Relationship Advice: How to Build Trust

There is plenty of relationship advice being put out there regarding building trust in relationships. Most of it is true and helpful, but some of it won’t do you any good.

So what’s one relationship advice you should trust?

A lot of people in relationships or marriages say that they want to be surprised, they want spontaneity, they don’t want to be stuck in a rut or a routine where everything happens the same way at the same time. And although this is true enough, they also don’t want to be surprised by a sudden change in your behavior, especially when they don’t expect it from you at all.

Here is one piece of relationship advice that will be beneficial: Be consistent.

Your partner wants to think that he or she knows you and knows what you will do. Your partner wants you to be consistent in your actions, your feelings, your behavior, your treatment of him or her, and everything else. Your partner wants to be able to trust you to react or behave in a certain way even when he or she is not around.

Sudden changes in these things, even tiny things like losing weight, dressing differently, acting differently, having new friends who he or she has never met, showing interest in things that you never cared for before – these little things tend to cause suspicions and doubts that lead to your partner suspecting you of things that may or may not be happening.

You may think that being consistent is bad relationship advice because it means being predictable and boring, which is something that everyone does not want to be, especially in a relationship. But consistency doesn’t always have to mean being predictable, and being predictable doesn’t always mean boring. Be spontaneous, be surprising, be impulsive. Avoid making routines when it comes to your relationship. Keep up the spark, try out new things, go to new places. But remember to do all of that consistently.

Relationship Advice: Why You Should Tell Your Partner What You’re Going Through

When it comes to building trust, we are all in need of a little relationship advice in the aspect. So what simple things can you do to help develop trust in your marriage?

In life, we are always dealt with a lot of different situations where we have to face change.

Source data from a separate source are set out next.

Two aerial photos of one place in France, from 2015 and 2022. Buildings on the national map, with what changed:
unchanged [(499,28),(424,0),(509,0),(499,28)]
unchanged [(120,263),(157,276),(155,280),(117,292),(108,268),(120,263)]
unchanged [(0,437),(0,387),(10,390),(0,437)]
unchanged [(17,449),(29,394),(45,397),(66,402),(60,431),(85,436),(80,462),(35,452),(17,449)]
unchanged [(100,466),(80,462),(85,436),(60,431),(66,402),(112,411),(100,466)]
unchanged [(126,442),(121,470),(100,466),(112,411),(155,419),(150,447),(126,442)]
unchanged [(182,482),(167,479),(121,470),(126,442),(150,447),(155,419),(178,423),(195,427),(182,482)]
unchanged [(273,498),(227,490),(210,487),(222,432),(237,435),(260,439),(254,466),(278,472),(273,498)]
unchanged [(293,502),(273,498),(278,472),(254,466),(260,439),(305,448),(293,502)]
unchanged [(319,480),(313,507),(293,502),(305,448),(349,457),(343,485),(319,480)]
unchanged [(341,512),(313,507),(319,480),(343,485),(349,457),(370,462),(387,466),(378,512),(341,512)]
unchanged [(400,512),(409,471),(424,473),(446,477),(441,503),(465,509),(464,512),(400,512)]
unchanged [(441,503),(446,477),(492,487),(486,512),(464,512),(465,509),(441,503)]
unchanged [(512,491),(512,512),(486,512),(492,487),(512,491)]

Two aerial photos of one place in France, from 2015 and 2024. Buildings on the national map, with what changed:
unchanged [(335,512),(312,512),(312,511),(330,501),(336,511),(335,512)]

We go through this everyday as individuals, sometimes we don’t even notice.

But when you are in a relationship with someone, going through change means having to share those changes with your partner. No one ever knows what life is going to hand them and what changes they are going to face. And here’s one relationship advice you need to remember in this matter: it’s important to let your partner know of these changes you are going through – what situations you find yourself in, what decisions you have to make, and other things like that.

In situations where you, yourself, aren’t aware of what’s happening, or you aren’t sure what you’re going to do about the situation you’re in, it is best that you let your partner know of your uncertainty and indecision. Let him or her know of what you are dealing with, whether or not you know what to do with it.

Ask your partner to support you through the things you are going through, and to tolerate your behavior if ever it turns into something he or she isn’t used to. Ask your partner to just be with you and stay with you while you’re going through whatever it is that you’re going through.

You may think that your partner automatically knows what you’re going through but he or she won’t always know what it is that you’re experiencing, and if all of a sudden you do or say something that he or she thinks isn’t normal for you, suspicions will start to emerge. So one of the best relationship advice you can take is to remember that it’s better if you tell your partner what you’re going through and warn him or her of anything that you may or may not do while going through it. That way, he or she will expect the change in behavior and won’t think that you are up to something bad.

Marriage Communication: Saying No

How do you create a better, more honest marriage communication? Two words: Say no.

There is nothing wrong with saying no to people who are asking us for favors or asking us to do things for them, even and most especially our partners. And sometimes, saying no is the best thing you can do for yourself and for your marriage, especially in situations where infidelity is involved.

Saying no to others sets up boundaries for you regarding the things you are willing to do and the things you aren’t. It allows you to draw a line, and to avoid getting caught up in things that could be destructive to your relationship, or even to you as an individual.

When you say no, it does not always mean that you are being rude or mean or that you don’t want to help this other person. It will not always be met with negativity or bad reactions. In fact, it can help develop our marriage communication. Sometimes, what keeps us from saying no, even when we really want to, is the fear of these negative reactions, or the fear of not being accepted by our partners or by other people.

This fear becomes the reason behind further mistrust in a relationship, and it damages our marriage communication. When we choose to endure doing something we don’t like doing or we choose to suffer because we are afraid of rejection, it creates doubts, questions and issues between you and partner.

How will you be able to fully trust your partner when you are afraid of him or her? When you say no, you let your partner know that you are not afraid of him or her, and develop your marriage communication. This usually develops respect in your partner because he or she is aware of the things you will tolerate from him or her and the things that you won’t.